Like Don, high wind shear and dry air aloft will ultimately keep Invest 96L from developing into anything of consequence, but nonetheless we’ll keep an eye on it through the rest of the week.



It is still a bit early in the season for these Central Atlantic waves to develop into strong tropical systems, but as we head into the months of August and September, expect things to get more active. In fact, on average since 1950, 61% of named storms have formed over the next couple of months.


Tropical Storm Don Forms; Headed for the Caribbean

Don becomes the 4th named storm of the 2017 Atlantic hurricane season Monday. On average, the 4th named storm of the Atlantic season forms on August 23rd, so this is about one month ahead of schedule.  Data from hurricane reconnaissance aircraft confirms a closed area of low pressure formed with winds up to 40 mph. Don is a tiny tropical storm. Winds only extend out 25 miles for the center. At 5 PM Don moves west at 17 mph. At this pace, tropical storm conditions will reach portions of the Windward Islands overnight Tuesday into Wednesday morning. A Tropical Storm Warning is in effect for Grenada. A Tropical Storm Watch is in effect for
Barbados, St. Vincent, the Grenadines, and St. Lucia. Only some strengthening is expected before landfall due to dry air in the mid levels of the atmosphere. Beyond landfall, Don will run into a wall of wind shear in the eastern Caribbean and dissipate mid-week.

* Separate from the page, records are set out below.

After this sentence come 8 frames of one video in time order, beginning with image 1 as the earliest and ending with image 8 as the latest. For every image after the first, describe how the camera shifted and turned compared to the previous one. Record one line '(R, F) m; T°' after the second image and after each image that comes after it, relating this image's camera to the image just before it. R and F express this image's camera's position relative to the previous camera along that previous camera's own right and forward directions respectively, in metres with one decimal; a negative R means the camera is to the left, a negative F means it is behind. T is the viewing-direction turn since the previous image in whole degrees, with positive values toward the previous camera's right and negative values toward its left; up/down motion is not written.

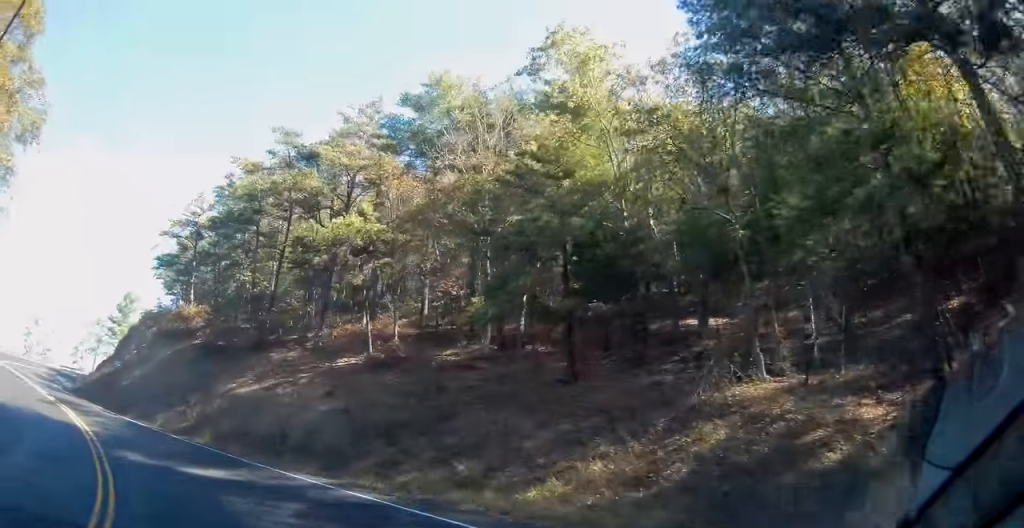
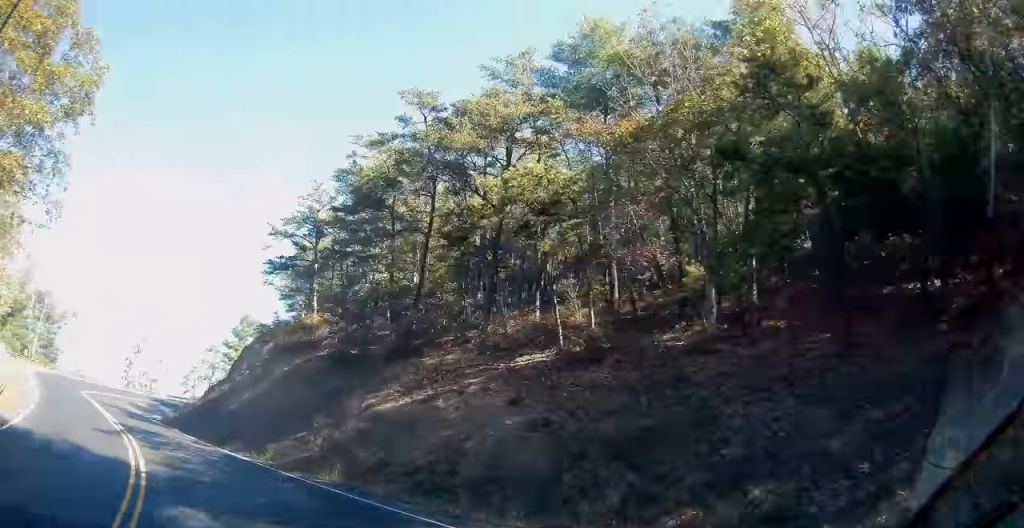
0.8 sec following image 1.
(-1.8, +6.6) m; -15°
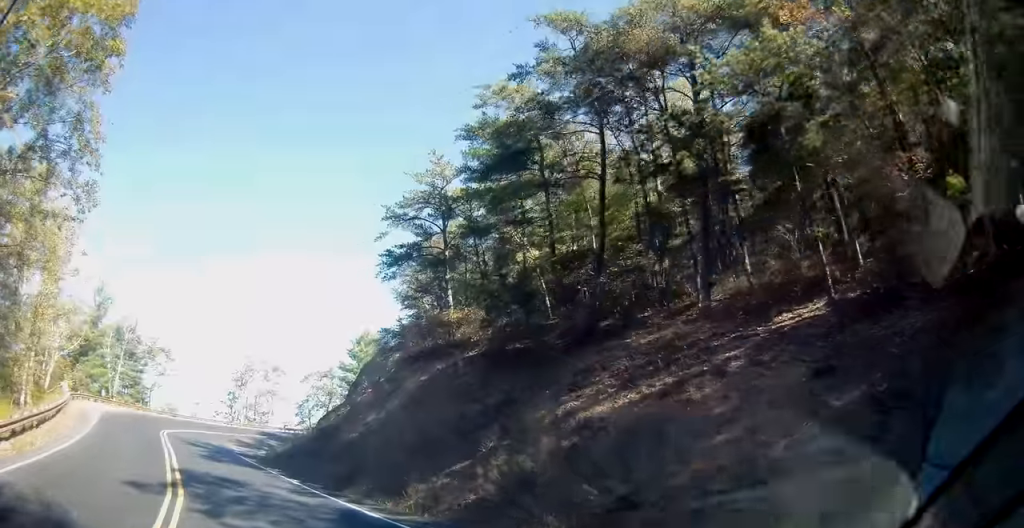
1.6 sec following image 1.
(-0.1, +7.6) m; -1°
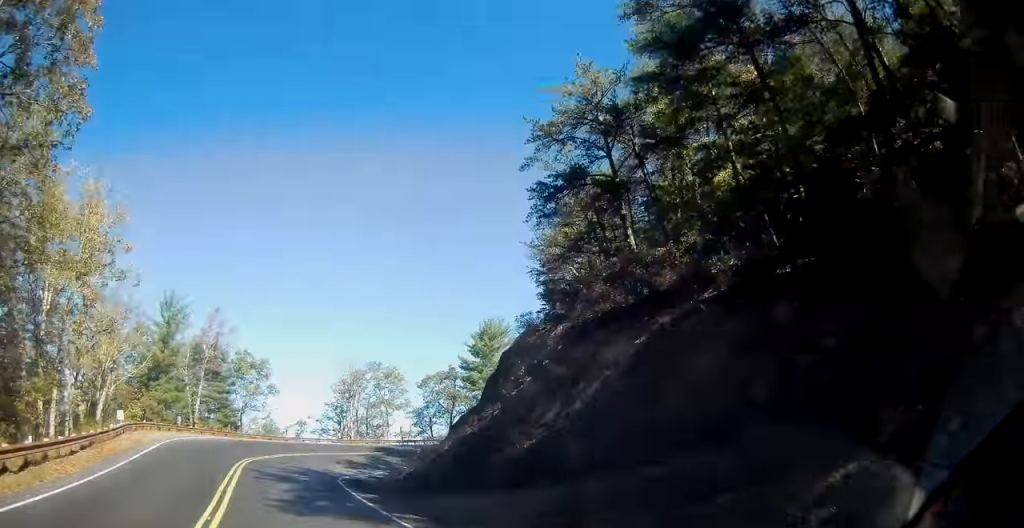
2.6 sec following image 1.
(0.0, +9.3) m; -8°
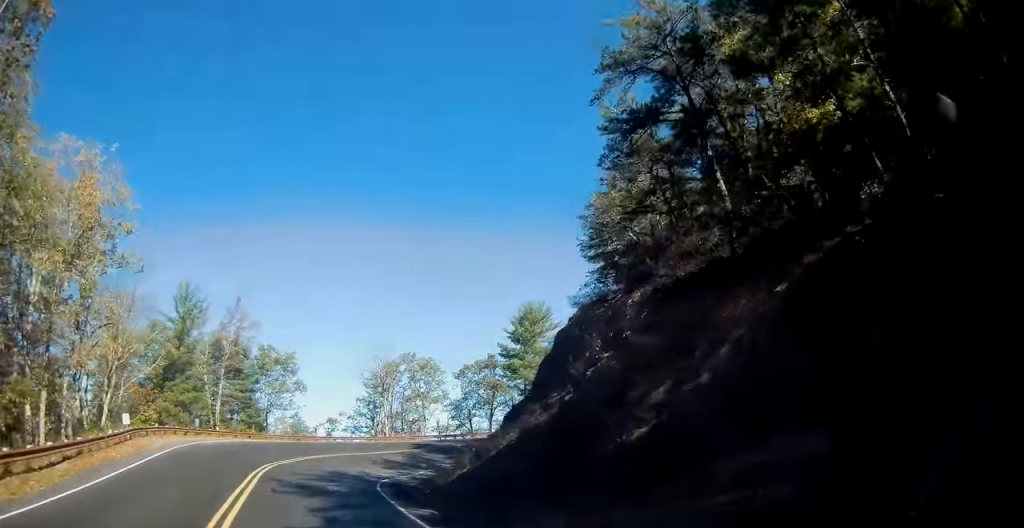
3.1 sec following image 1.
(-0.3, +4.3) m; -5°
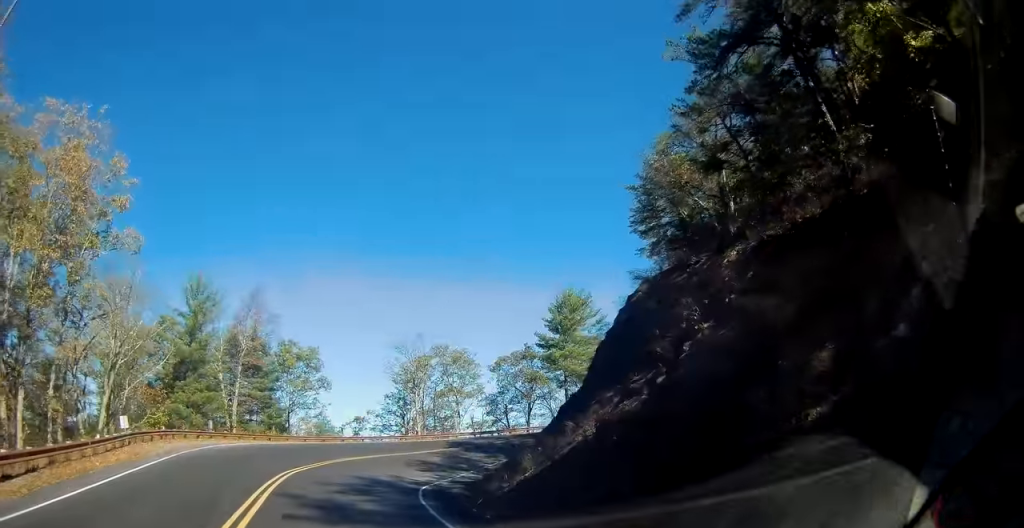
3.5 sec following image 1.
(-0.6, +4.4) m; -5°
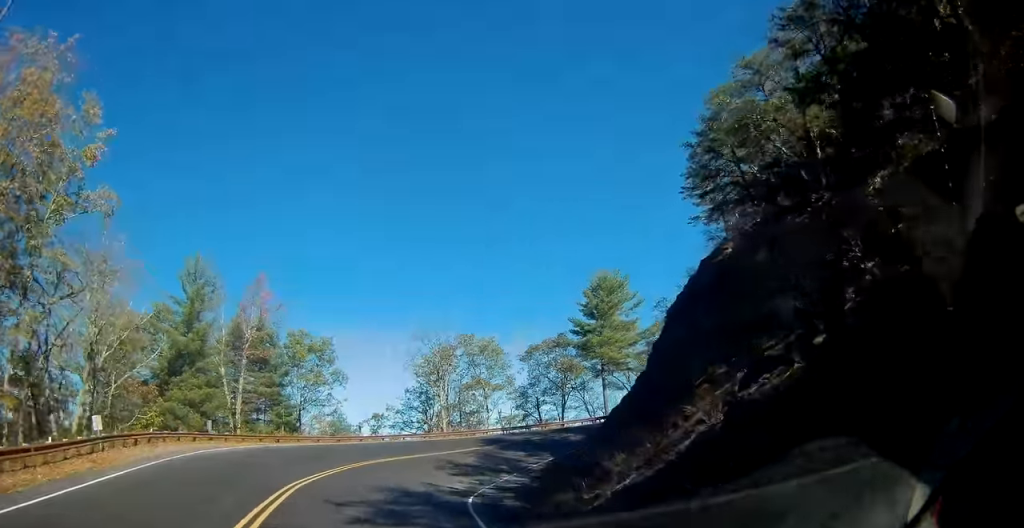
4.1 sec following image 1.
(-0.3, +5.7) m; -4°
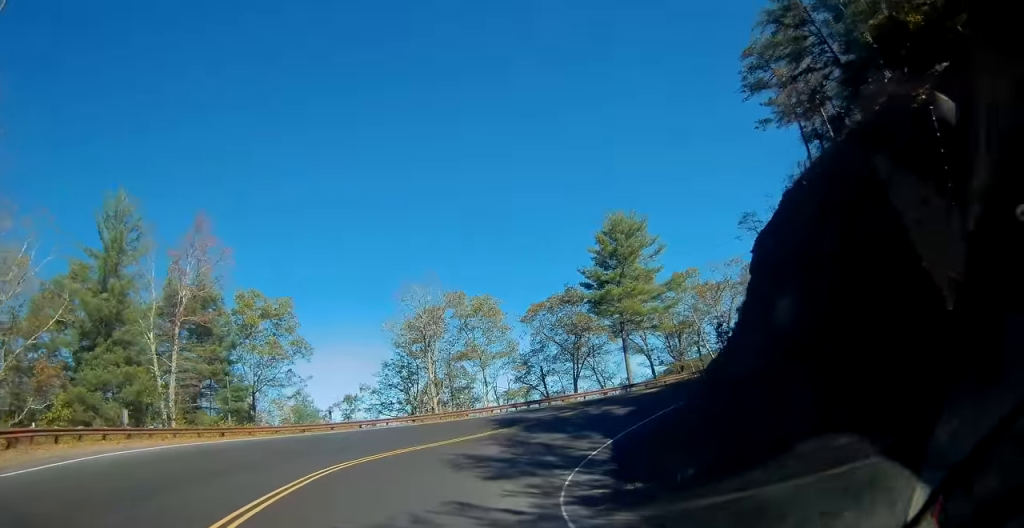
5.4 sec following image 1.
(-0.3, +11.5) m; +1°

Water vapor imagery shows a pocket of dry African air directly in the path of the newly named storm. This is indicated by the red color.

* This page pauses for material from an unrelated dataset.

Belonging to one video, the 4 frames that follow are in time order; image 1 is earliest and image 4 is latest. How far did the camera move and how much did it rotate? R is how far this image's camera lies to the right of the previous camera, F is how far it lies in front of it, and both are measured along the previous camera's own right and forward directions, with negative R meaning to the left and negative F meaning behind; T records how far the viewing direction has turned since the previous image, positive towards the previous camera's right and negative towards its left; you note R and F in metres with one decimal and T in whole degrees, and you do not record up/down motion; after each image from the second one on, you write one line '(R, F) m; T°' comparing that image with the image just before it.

As mentioned above, dry air and increased wind shear should keep Don as a weak tropical storm. By Wednesday and Thursday it encounters strong westerly shear over the open Caribbean waters.


Behind Don is an area of disturbed weather between Africa and the Lesser Antilles. Convection is disorganized Monday due to a bit of dry air. There is a low 30% chance of tropical development the next 5 days as the tropical wave moves west-northwest. It will battle dry African air and increased moderate wind shear in the days ahead.


Continue to Monitor Former Tropical Depression Four & African Tropical Wave

Former Tropical Depression Four hasn’t given up yet. Convection has flared up yet again Monday morning, as the disturbance pulls away from a nearby upper level low. As it does so, moderate wind shear will drop some in the days ahead. The tropical wave approaches south Florida mid to late work week and enhances daily sea breeze showers and storms. Hurricane Hunters are scheduled to investigate the area of disturbed weather Tuesday, if necessary.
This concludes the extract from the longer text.